Self-Ensemble (from “Self-ensembling for visual domain adaptation” by Geoffrey French, Michal Mackiewicz, Mark Fisher) is based off of the mean teacher model used in semi-supervised learning. The mean teacher model has two networks: a student (trained with gradient descent) and a teacher (weights are an exponential moving average of the student’s weights).

You can see the training pipeline of this model in the following image:

Credits: Geoffrey French, Michal Mackiewicz, Mark Fisher


CGDM (from “Cross-Domain Gradient Discrepancy Minimization for Unsupervised Domain Adaptation” by Zhekai Du, Jingjing Li, Hongzu Su, Lei Zhu, Ke Lu) is a bi-classifier adversarial learning method.

CGDM minimizes the discrepancy of gradients generated by source and target samples. To compute the gradients of the target samples, it uses a clustering-based strategy to obtain more reliable pseudo-labels. It then uses self-supervised learning on the pseudo-labels in order to optimize the model with data from the source and the target domain.

Given its bi-classifier nature, after training CGDM we’ll obtain an encoder and two classifiers, that are used together when evaluating a new data point.


AdaMatch (from “AdaMatch: A Unified Approach to Semi-Supervised Learning and Domain Adaptation” by David Berthelot, Rebecca Roelofs, Kihyuk Sohn, Nicholas Carlini, Alex Kurakin) is a novel method that unifies UDA with semi-supervised learning and semi-supervised domain adaptation.

This method augments each image twice, once with a weak augmentation and once with a strong augmentation. From those images we’re able to extract logits, that are randomly interpolated. It then performs a distribution allignment to find target pseudo-labels.

Current results

In order to train my models I used early stopping with a patience of 15 epochs in order to save computational resources. I also use the model with the best accuracy on a validation set for inference. All models were trained for 100 epochs using Kaggle’s GPUs using a ResNet18 network as their backbone. The current best results for each method are:

Meanwhile, if we try use a model that was trained only on the source dataset to infer on the target dataset, we get:

We can conclude that UDA actually helps a bunch!

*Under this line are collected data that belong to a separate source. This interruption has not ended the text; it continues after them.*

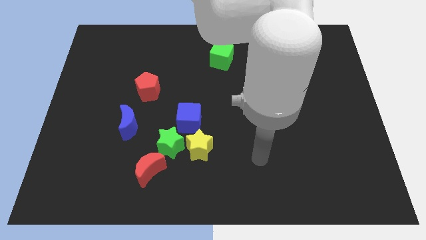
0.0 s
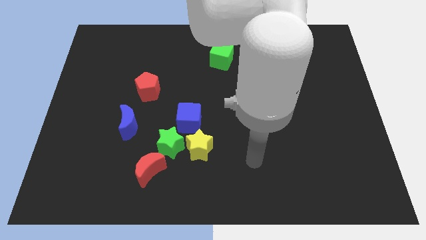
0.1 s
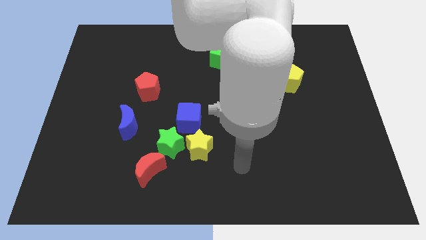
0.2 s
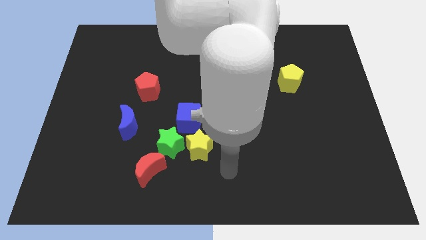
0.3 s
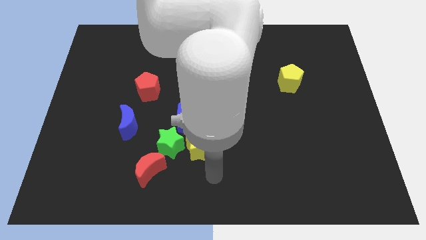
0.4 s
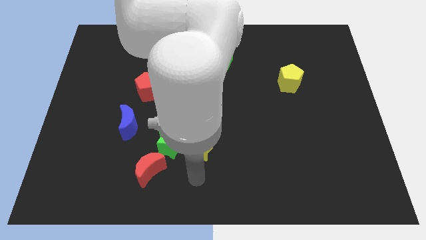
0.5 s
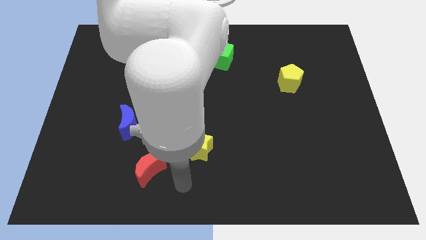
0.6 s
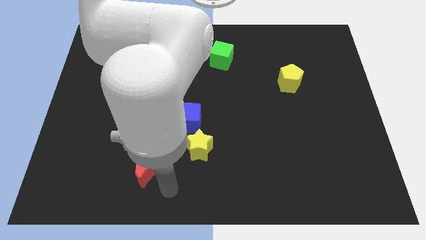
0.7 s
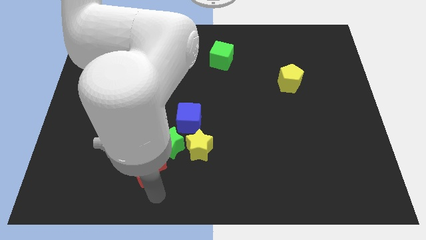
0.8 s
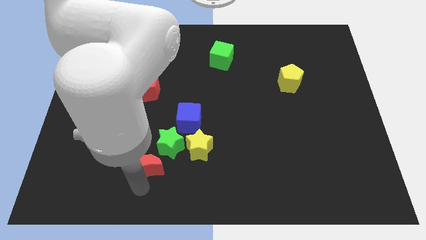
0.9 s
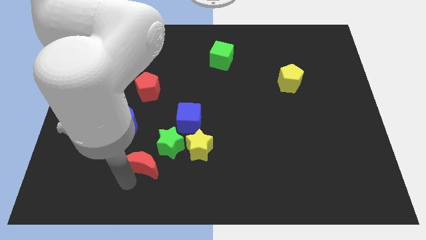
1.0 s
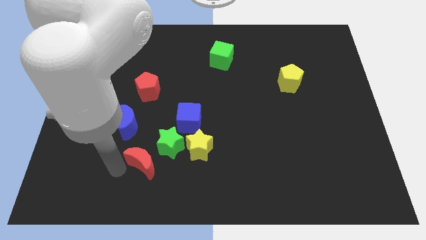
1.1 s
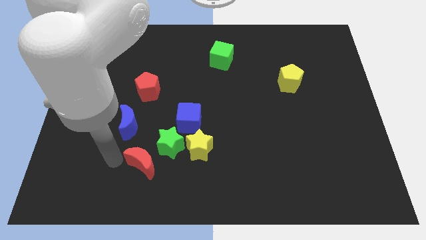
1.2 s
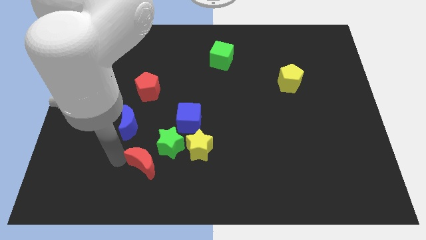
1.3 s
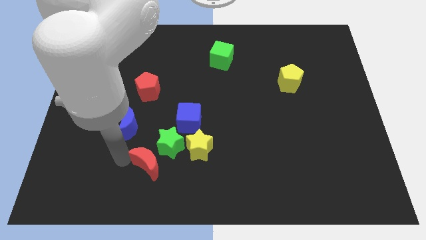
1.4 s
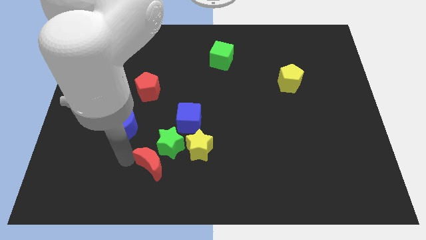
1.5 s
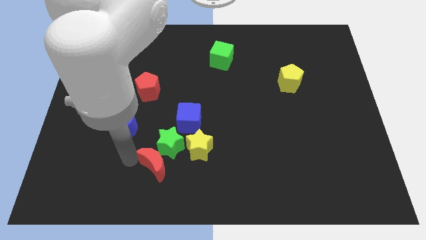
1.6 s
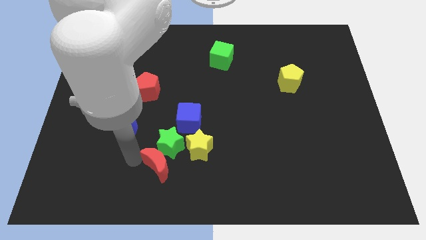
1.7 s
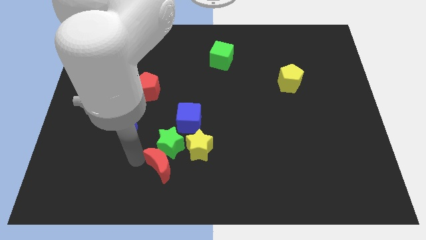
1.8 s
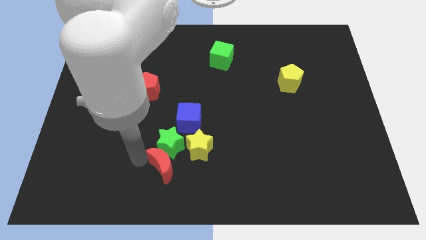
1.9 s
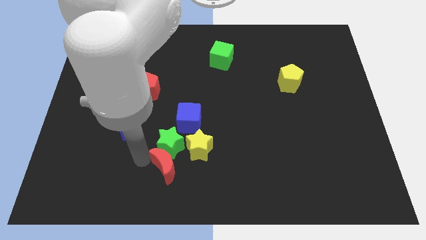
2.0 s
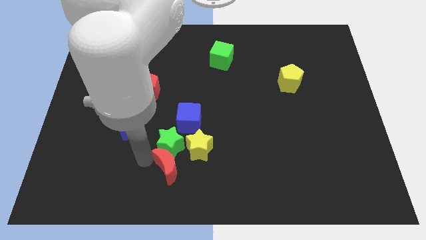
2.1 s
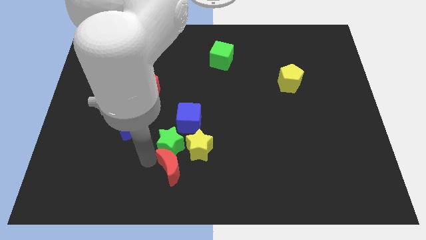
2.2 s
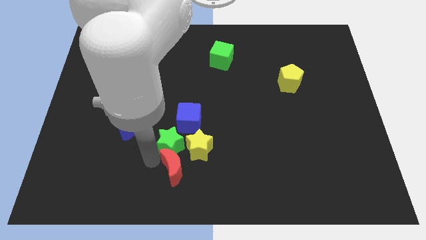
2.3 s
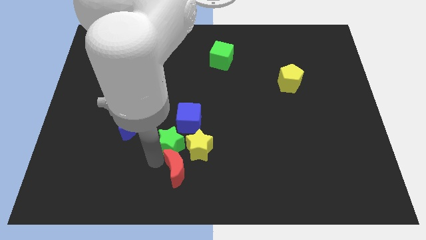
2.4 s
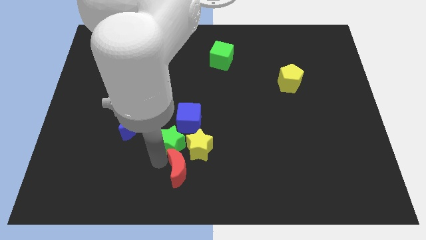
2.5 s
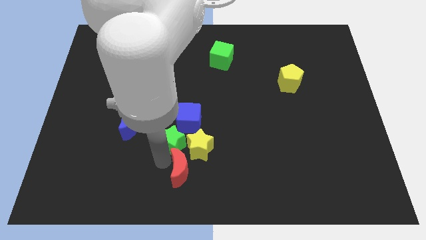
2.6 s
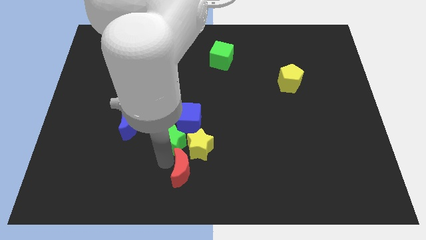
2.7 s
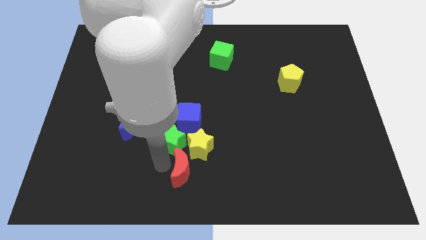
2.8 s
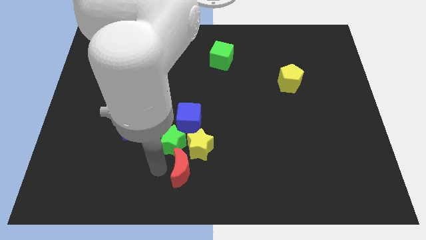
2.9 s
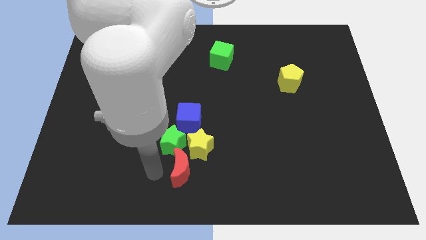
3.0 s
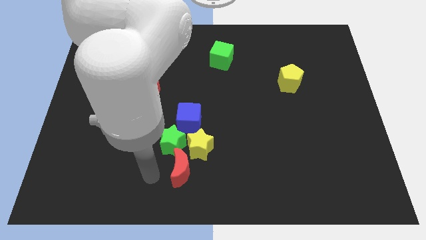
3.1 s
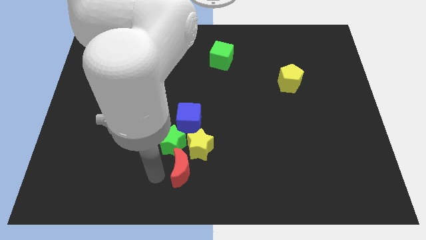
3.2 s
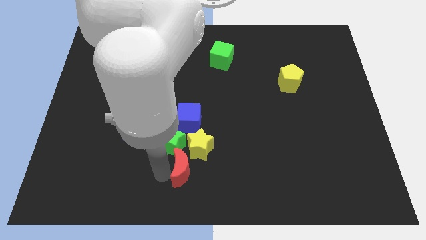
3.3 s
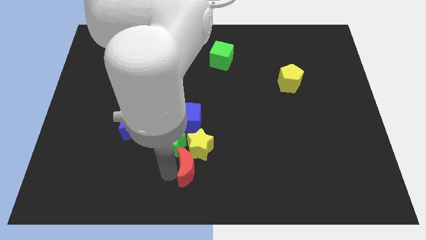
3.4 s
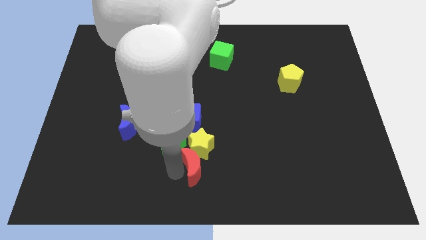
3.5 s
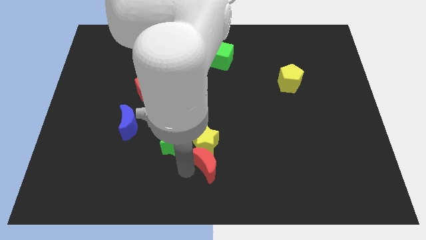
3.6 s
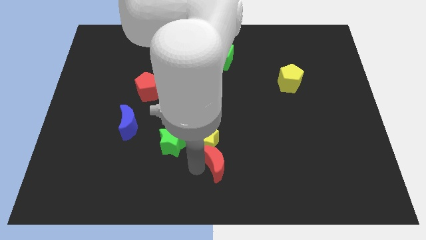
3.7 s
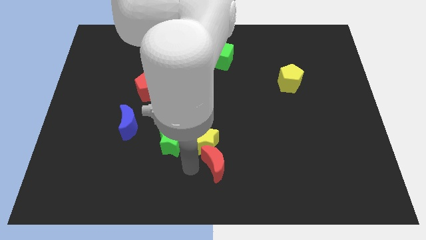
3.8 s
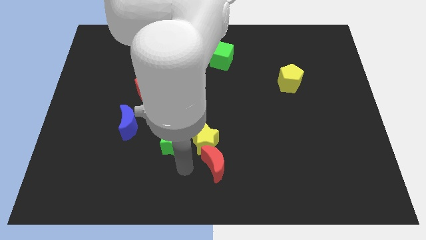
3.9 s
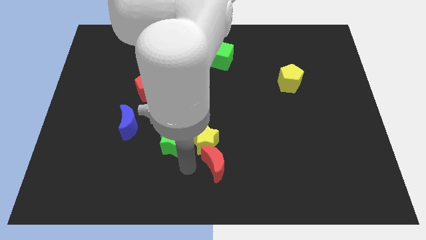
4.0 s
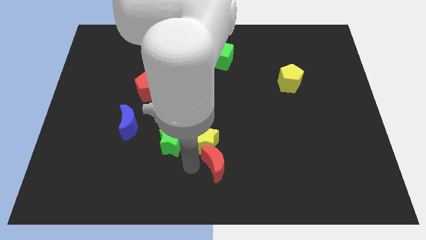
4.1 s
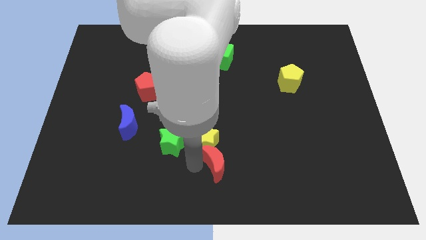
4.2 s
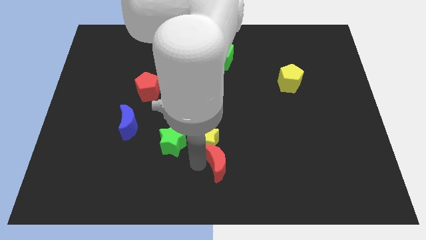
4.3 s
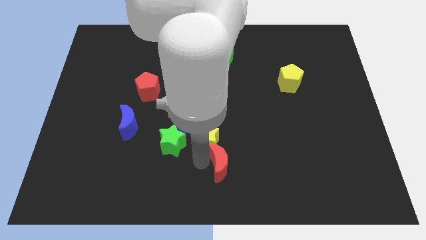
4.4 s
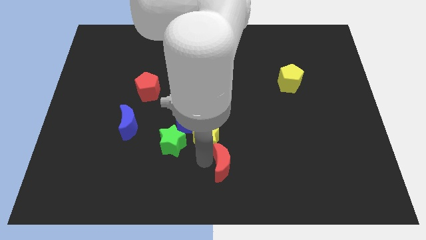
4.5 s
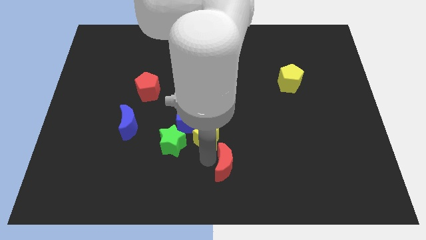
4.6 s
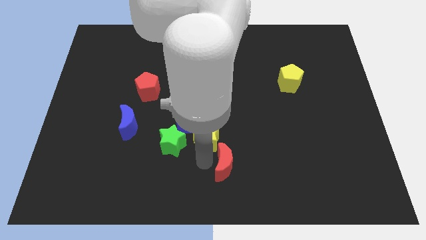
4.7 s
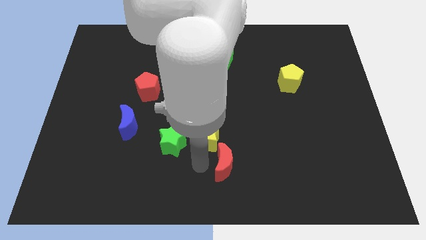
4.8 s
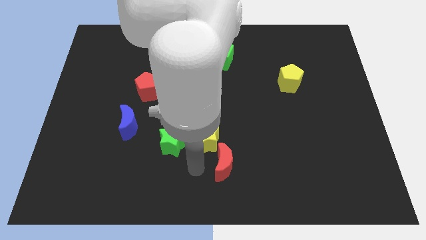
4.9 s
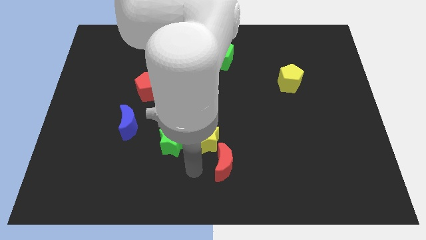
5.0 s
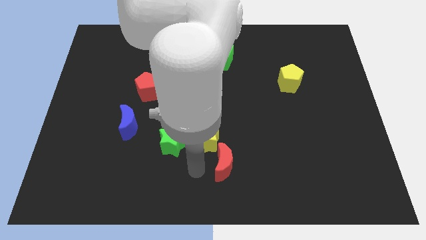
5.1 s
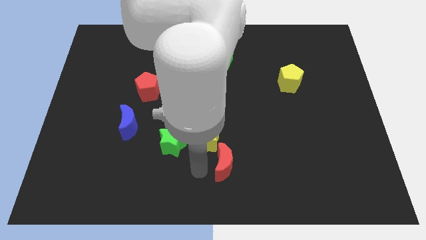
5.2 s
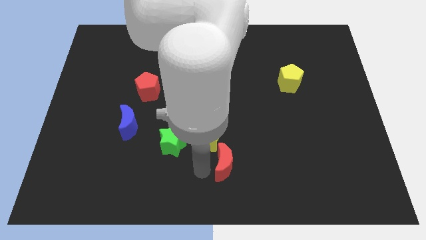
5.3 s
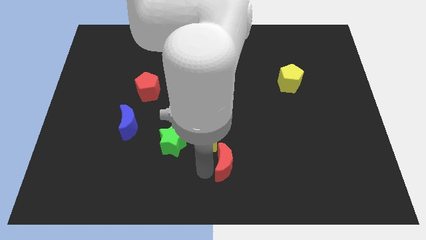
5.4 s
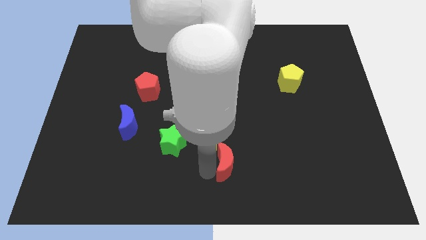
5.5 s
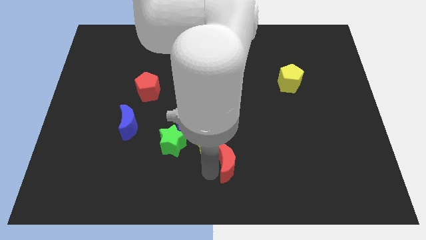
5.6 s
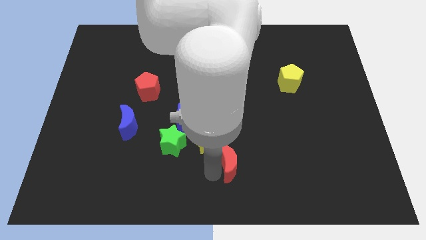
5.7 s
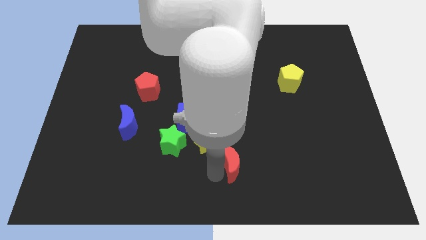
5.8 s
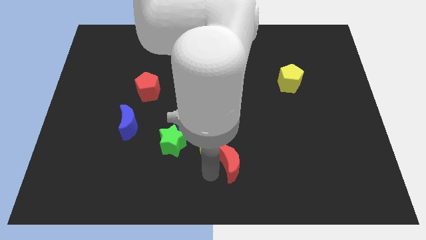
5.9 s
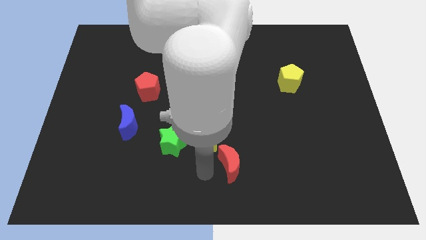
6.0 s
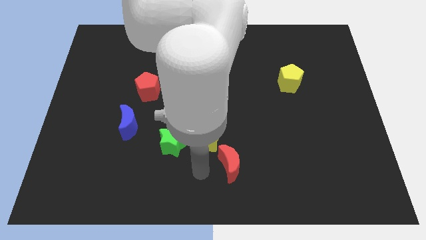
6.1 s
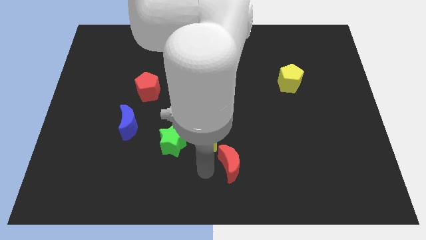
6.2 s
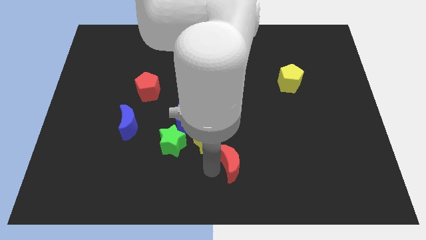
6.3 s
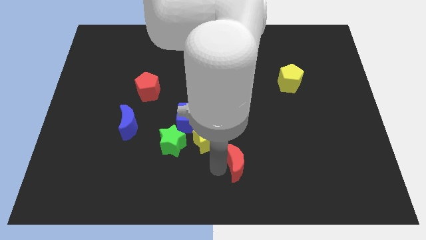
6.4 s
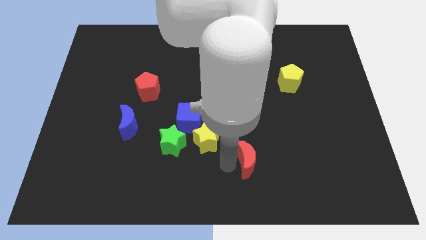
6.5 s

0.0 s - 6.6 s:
slide the red moon right

Future work and final thoughts

Though current results show a clear increase in the accuracy of our models over not applying any kind of domain adaptation, there’s still a lot of room for improvement. As seen in “DeepMerge II: Building Robust Deep Learning Algorithms for Merging Galaxy Identification Across Domains”, even though a model + UDA algorithm might perform well on a easier simulation to harder simulation adaptation, it’s hard to get a large boost in performance when adapting to real data.

The first step in my list of priorities is to test using equivariant neural networks, since this architecture achieves promising results in classification tasks related to gravitational lenses. Also trying out other convolutional neural network architectures such as ResNet50 and EfficientNet could prove very beneficial.

Another very important step is to make more thorough hyperparameter searches. Though time-consuming, it’s extremely important to find the best hyperparameters in order to achieve good results. Since two of the UDA algorithms we use are very dependent on the augmentations used (Self-Ensemble and AdaMatch), further exploration of augmentations is also very important.

Of course, keeping an eye out for novel UDA algorithms is also always a good practice to keep in mind, especially since this field is so hot right now!

All in all I got to say that this project was the best opportunity that I’ve gotten so far in my professional career. Being able to work with my mentors while exploring the field of UDA was amazing! And I honestly cannot even begin to fathom the amount of opportunities that will open up thanks to this project :)

I’d like to thank Pranath Reddy, Michael Toomey, Sergei Gleyzer, Anna Parul and Sourav Raha for helping me out and mentoring me during the program!

And finally, thank you Google and the people organizing Google Summer of Code for this amazing opportunity!